Construction of the third-generation Zea mays haplotype map

Abstract

Background: Characterization of genetic variations in maize has been challenging, mainly due to deterioration of collinearity between individual genomes in the species. An international consortium of maize research groups combined resources to develop the maize haplotype version 3 (HapMap 3), built from whole-genome sequencing data from 1218 maize lines, covering predomestication and domesticated Zea mays varieties across the world.

Results: A new computational pipeline was set up to process more than 12 trillion bp of sequencing data, and a set of population genetics filters was applied to identify more than 83 million variant sites.

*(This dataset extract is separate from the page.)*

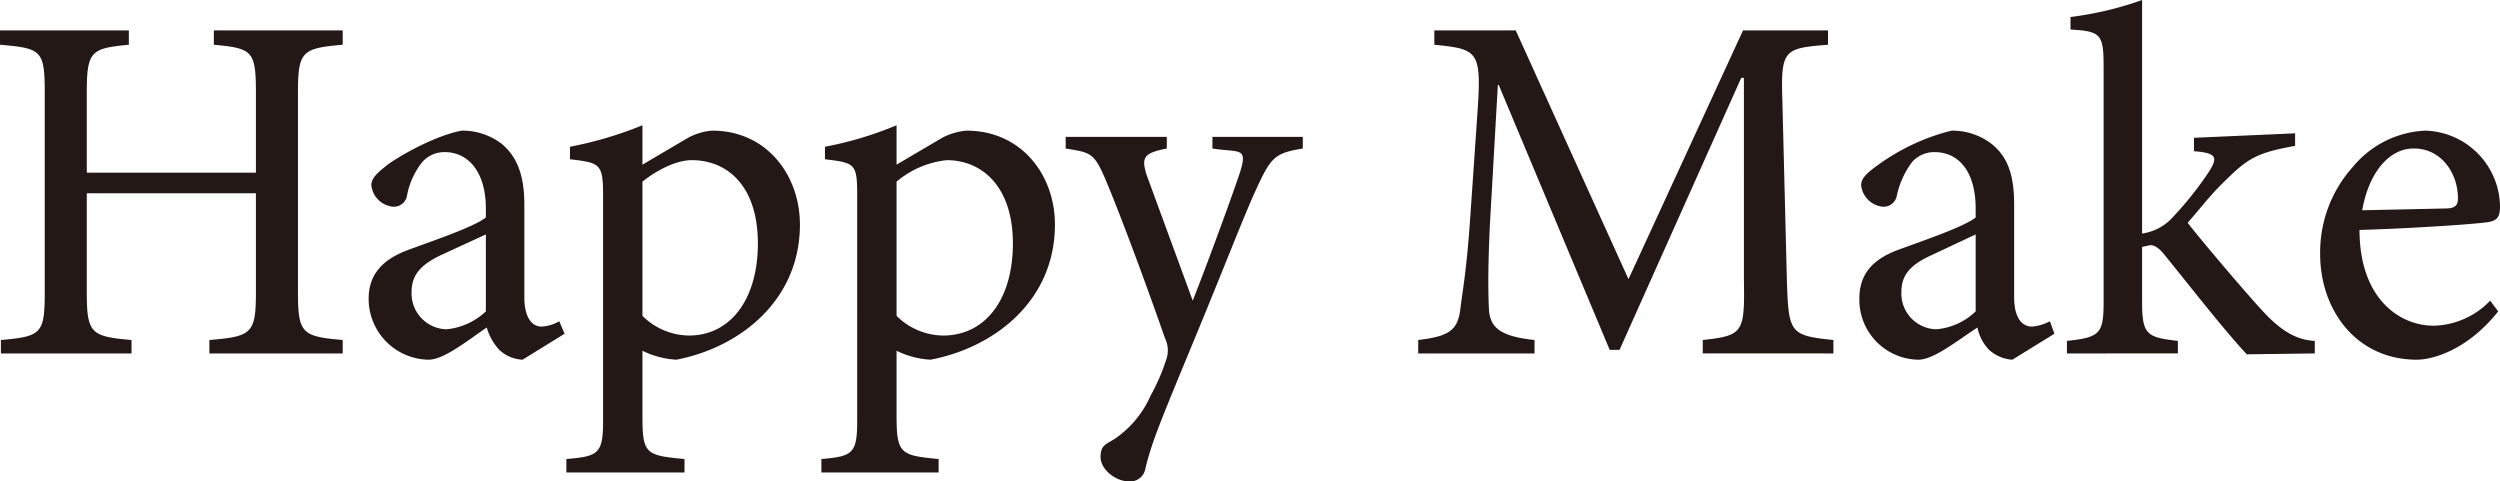 <svg data-name="&lt;レイヤー&gt;" xmlns="http://www.w3.org/2000/svg" viewBox="0 0 279.4 53.8"><path d="M38.3 5c-4.5.4-5 .7-5 5.3v22.4c0 4.6.5 4.9 5 5.3v1.5H23.4V38c4.7-.4 5.2-.7 5.2-5.3V21.6H9.7v11.1c0 4.6.5 4.9 5 5.3v1.5H.1V38c4.5-.4 4.9-.7 4.9-5.3V10.3C5 5.6 4.6 5.4 0 5V3.4h14.4V5c-4.2.4-4.7.7-4.7 5.3v9h18.9v-9c0-4.6-.4-4.9-4.7-5.3V3.4h14.4zm20.1 35.2a4.1 4.1 0 01-2.6-1.1 6.2 6.2 0 01-1.4-2.5c-2.2 1.5-4.8 3.6-6.5 3.6a6.8 6.8 0 01-6.7-6.8c0-2.7 1.5-4.4 4.5-5.5s7.4-2.6 8.6-3.6v-1c0-4-1.9-6.3-4.6-6.3a3.3 3.3 0 00-2.5 1.1 8.5 8.5 0 00-1.7 3.7 1.5 1.5 0 01-1.6 1.3 2.7 2.7 0 01-2.4-2.4c0-.8.7-1.4 1.7-2.2s5.2-3.3 8.4-3.9a7.2 7.2 0 014.5 1.5c1.9 1.6 2.5 3.9 2.5 6.8v10.3c0 2.5 1 3.3 1.9 3.3a4.3 4.3 0 002-.6l.6 1.4zm-4.1-14l-5 2.3c-2.1 1-3.3 2.1-3.3 4.1a4 4 0 003.9 4.2 7.4 7.4 0 004.4-2zm22.6-10.8a6.7 6.7 0 012.7-.8c6.1 0 9.8 5 9.8 10.5 0 8.4-6.6 13.7-13.8 15.1a9.8 9.8 0 01-3.8-1v7.2c0 4.3.3 4.5 4.7 4.9v1.5H63.3v-1.5c3.6-.3 4.1-.6 4.1-4.3V21.9c0-3.6-.3-3.7-3.7-4.1v-1.4a42.7 42.7 0 008.1-2.4v4.4zm-5.1 19.9a7.5 7.5 0 005.2 2.2c4.6 0 7.7-4 7.7-10.3s-3.3-9.3-7.4-9.3c-1.8 0-4 1.2-5.5 2.4zm33.5-19.9a7.2 7.2 0 012.7-.8c6.2 0 9.9 5 9.9 10.5 0 8.4-6.6 13.7-13.9 15.1a9.8 9.8 0 01-3.8-1v7.2c0 4.3.4 4.5 4.7 4.9v1.5H91.8v-1.5c3.5-.3 4-.6 4-4.3V21.9c0-3.6-.2-3.7-3.6-4.1v-1.4a39.8 39.8 0 008-2.4v4.4zm-5.1 19.9a7.5 7.5 0 005.2 2.2c4.7 0 7.8-4 7.8-10.3s-3.4-9.3-7.4-9.3a10.4 10.4 0 00-5.6 2.4zm45.4-18.7c-3 .5-3.5.9-5 4.1s-3.1 7.5-6.9 16.7-5 12-5.7 15a1.7 1.7 0 01-1.8 1.4c-1.6 0-3.2-1.4-3.2-2.7s.5-1.4 1.5-2a11.4 11.4 0 004.1-4.9 22.3 22.3 0 001.7-3.9 3.1 3.1 0 00-.1-2.5c-2.2-6.3-4.7-13-6.3-16.9s-1.8-3.8-4.8-4.3v-1.3h11.3v1.3c-2.6.5-2.9 1-2.2 3.1l5.1 13.9c1.5-3.8 3.9-10.3 5.1-13.8s.3-2.7-2.9-3.2v-1.3h10.1zm44.7 22.9V38c4.5-.5 4.7-.8 4.6-6.7V8.7h-.3L181 39.1h-1.1L167.5 9.5h-.1l-.9 15.8c-.2 4.5-.2 7-.1 9.2s1.4 3.1 5.1 3.5v1.5h-13V38c3.3-.4 4.4-1 4.7-3.4s.7-4.4 1.1-10.1l.8-11.6c.5-7.2.2-7.4-4.8-7.9V3.4h9.1L182 31.2l12.8-27.8h9.5V5c-4.9.4-5.3.5-5.1 6.3l.5 20c.2 5.9.3 6.2 5.2 6.7v1.5zm34.6.7a4.3 4.3 0 01-2.6-1.1 5 5 0 01-1.3-2.5c-2.3 1.5-4.9 3.6-6.6 3.6a6.7 6.7 0 01-6.6-6.8c0-2.7 1.4-4.4 4.4-5.5s7.4-2.6 8.6-3.6v-1c0-4-1.8-6.3-4.6-6.3a3.3 3.3 0 00-2.5 1.1 9.8 9.8 0 00-1.7 3.7 1.5 1.5 0 01-1.6 1.3 2.7 2.7 0 01-2.4-2.4c0-.8.7-1.4 1.8-2.2a23.8 23.8 0 018.3-3.9 7.2 7.2 0 014.5 1.5c2 1.6 2.5 3.9 2.5 6.8v10.3c0 2.5 1 3.3 2 3.3a5.1 5.1 0 002-.6l.5 1.4zm-4.1-14l-4.9 2.3c-2.2 1-3.4 2.1-3.4 4.1a4 4 0 003.9 4.2 7.2 7.2 0 004.4-2zm30.3 13.4c-2.6-2.8-6.1-7.3-9.1-11-.7-.9-1.2-1.2-1.7-1.2l-.9.2v6.1c0 3.7.5 4 4 4.4v1.4H231v-1.4c3.7-.4 4.1-.8 4.1-4.4V7.5c0-3.7-.3-4-3.7-4.2V1.9a37.5 37.5 0 008-1.9v26.1a5.7 5.7 0 003.5-1.9 38.1 38.1 0 003.9-4.9c1.1-1.7 1-2.2-1.6-2.4v-1.5l11.3-.5v1.4c-3.8.7-5 1.2-7.2 3.3s-2.4 2.5-4.8 5.3c1.2 1.6 6.8 8.2 8.6 10.1s3.5 3 5.6 3.1v1.4zm28.1-4.8c-3.5 4.4-7.4 5.4-9.1 5.4-6.8 0-10.8-5.6-10.8-11.8a14.3 14.3 0 013.7-9.8 11.1 11.1 0 018.1-4 8.6 8.6 0 018.3 8.4c0 1.1-.2 1.6-1.2 1.8s-7.9.7-14.5.9c0 7.6 4.4 10.7 8.3 10.7a9 9 0 006.3-2.8zm-9.5-18.2c-2.5 0-4.9 2.4-5.7 6.9l9.3-.2c1 0 1.4-.3 1.4-1.1 0-2.9-1.9-5.6-4.9-5.6z" fill="#231815"/></svg>

Conclusions: We identified polymorphisms in regions where collinearity is largely preserved in the maize species. However, the fact that the B73 genome used as the reference only represents a fraction of all haplotypes is still an important limiting factor.

Figure 1:

Overview of the HapMap 3 pipeline. Initial set of tentative variant sites was obtained from 916 taxa using reads with a mapping quality (MAPQ) of at least 30 and bases with a base quality of at least 10. At least 10 taxa had to have non-0 read coverage, and the P-value from the segregation test on allelic depths had to be at most 0.01. This initial set of sites was subject to filtering based on identity by descent. Application of a linkage disequilibrium filter eliminated sites with only nonlocal LD hits, leading to the HapMap 3.1.1 variant set. An alternative route, leading to HapMap 3.2.1 genotypes, involved K nearest neighbors imputation, in which distances were computed using sites in good local LD (hence, LD KNN). See the text for detailed explanation of methods and acronyms. The exact numbers of variant sites in HapMap 3.1.1 and HapMap 3.2.1 are 61 228 639 and 83 153 144, respectively.

Figure 2:

Overlap between various classes of HapMap 3.1.1 polymorphic sites. All sites listed passed the ST and IBD filters. LLD sites are those found in local LD with the GBS anchor. Sites flagged IBD1 passed the IBD filter; however, no alternative allele was present in IBD contrasts. Such sites do not violate IBD, but the existence of a variant is not confirmed. The NI5 flag is used to mark indels and sites within 5 bp of an indel. As no local re-alignment was done, the NI5 sites are not reliable.

Figure 3:

Polymorphic sites detected by the HapMap 3.1.1 pipeline based on 2 read mapping quality thresholds: MAPQ ≥1 (q1) and MAPQ ≥30 (q30). Tightening of the MAPQ threshold affects mostly the sites flagged with IBD1 (least reliable), while the LLD sites (in local LD with GBS anchor) are mostly independent.

Figure 4:

Distribution of inbreeding coefficient for HapMap 3.1.1 variant sets obtained with 2 read mapping quality thresholds: MAPQ ≥1 (q1) and MAPQ ≥30 (q30). A lower MAPQ threshold leads to lower values of inbreeding coefficient (i.e., higher heterozygosities) resulting from misaligned reads.

Figure 5:

Overlap between HapMap 3.1.1 and HapMap 3.2.1 variant sites; 86% of HapMap 3.1.1 sites (99% of those in local LD) are recovered by the HapMap 3.2.1 pipeline.

Figure 6:

Distribution of fraction of heterozygous sites per taxon for unimputed and imputed HapMap 3.2.1. Curves marked LLD have been obtained considering only sites verified in HapMap 3.1.1 to be in good local LD with GBS anchor.

Figure 7:

Cumulative distribution of mapping quality from BWA mem alignment of 125.4 million 150-bp reads from taxon A272.

Figure 8:

Linkage disequilibrium–based filtering flowchart. The procedure eliminates sites with weak or non-local-only LD hits. Sites with good local LD hits as well as those for which LD could not be probed (because of low MAF) are retained.